We could achieve the goal by letting each revset engine respect the
configured subset, but since the solution proposed above makes sense
also for local-disk repos, I think it's better to do it outside of the
revset engine, so all revset engines can share the code.

This commit prepares for the new functionality by moving the symbol
resolution out of `Index::evaluate_revset()`.
2023-03-17 22:42:41 -07:00
Martin von Zweigbergk
1711cb61fb revset: add a Result version of transform_expression_bottom_up()
I'd like to add a stage after optimization for resolving most symbols
to commit IDs, and that needs to be able to fail.
2023-03-17 22:42:41 -07:00
Martin von Zweigbergk
3871efd2f9 revset: move ReverseRevsetGraphIterator into revset module
The iterator is not specific to the implementation in
`revset_graph_iterator`, so it belongs in the standard `revset`
module.
2023-03-14 05:32:02 -07:00
Martin von Zweigbergk
f62fac24ac revset: move graph iteration onto Revset trait
We want to allow custom revset engines define their own graph
iterator. This commit helps with that by adding a
`Revset::iter_graph()` function that returns an abstract iterator.

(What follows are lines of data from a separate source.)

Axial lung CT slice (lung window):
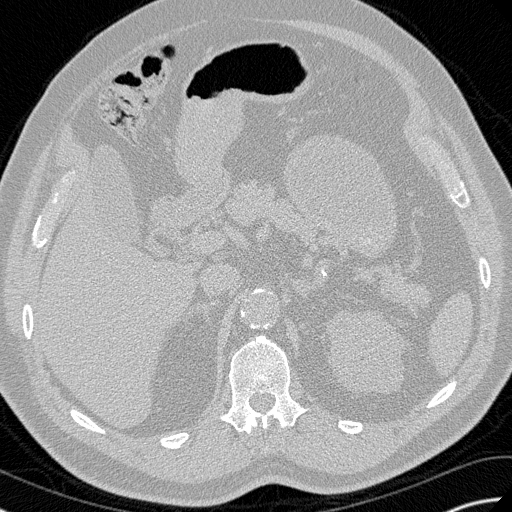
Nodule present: no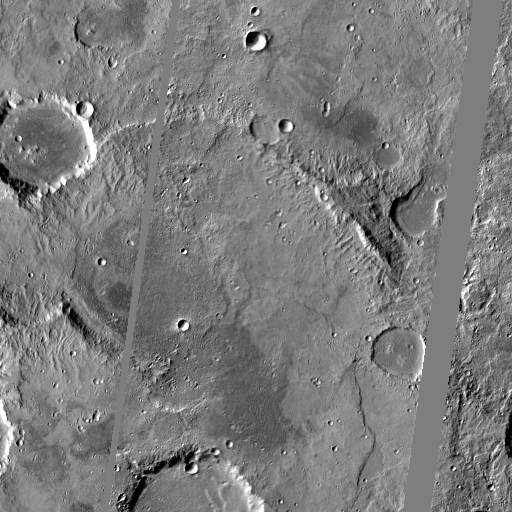
Crater classes present: Background, Other, Buried, Secondary
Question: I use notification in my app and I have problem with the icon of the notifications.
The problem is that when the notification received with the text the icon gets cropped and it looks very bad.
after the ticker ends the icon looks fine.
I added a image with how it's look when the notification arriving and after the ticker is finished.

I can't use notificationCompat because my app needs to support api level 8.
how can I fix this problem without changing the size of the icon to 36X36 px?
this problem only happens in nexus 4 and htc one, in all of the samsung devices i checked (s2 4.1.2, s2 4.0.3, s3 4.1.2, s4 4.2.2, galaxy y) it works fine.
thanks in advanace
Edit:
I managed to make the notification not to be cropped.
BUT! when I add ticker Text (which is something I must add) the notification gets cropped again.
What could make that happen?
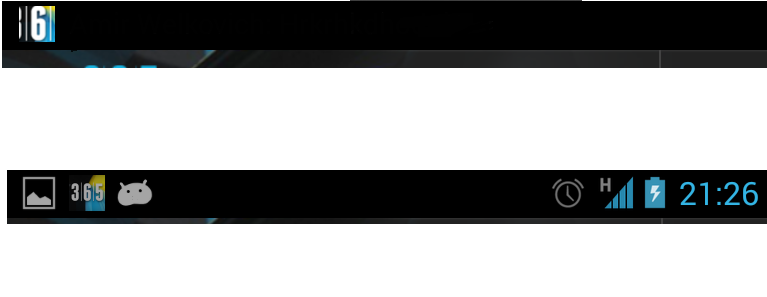
Answer: notification icon must be 24x24 dp for optimal solution on most devices.
see
<URL>
or create the following notification sizes:
- 96x96px in drawable-xxxhdpi - 72x72px size in drawable-xxhdpi - 48x48px in drawable-xhdpi - 36x36px in drawable-hdpi- 24x24px in drawable-mdpi- 18x18px in drawable-ldpi
also it better to centerized your icon in the middle of the icon image with transparent space around it.
<URL>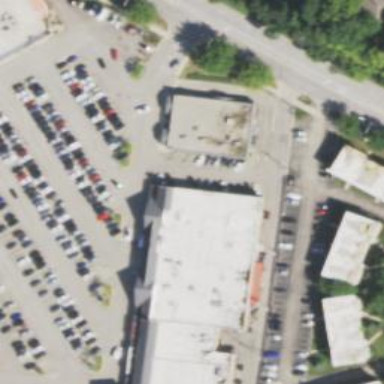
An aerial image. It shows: Fitness centre on leisure land.

The current `RevsetGraphIterator` can be configured to skip or include
transitive edges. It skips them by default and we don't expose option
in the CLI. I didn't bother including that functionality in the new
`iter_graph()` either. At least for now, it will be up to the
implementation whether it includes such edges (it would of course be
free to ignore the caller's request even if we added an option for it
in the API).
2023-03-14 05:32:02 -07:00
Martin von Zweigbergk
28cbd7b1c5 revset: move evaluation into index
This commit adds an `evaluate_revset()` function to the `Index`
trait. It will require some further cleanup, but it already achieves
the goal of letting the index implementation decide which revset
engine to use.
2023-03-14 05:32:02 -07:00
Martin von Zweigbergk
eed0b23009 revset: move current implementation to new module
We want to allow customization of the revset engine, so it can query
server indexes, for example. The current revset implementation will be
our default implementation for now. What's left in the `revset` module
after this commit is mostly parsing code.
2023-03-14 05:32:02 -07:00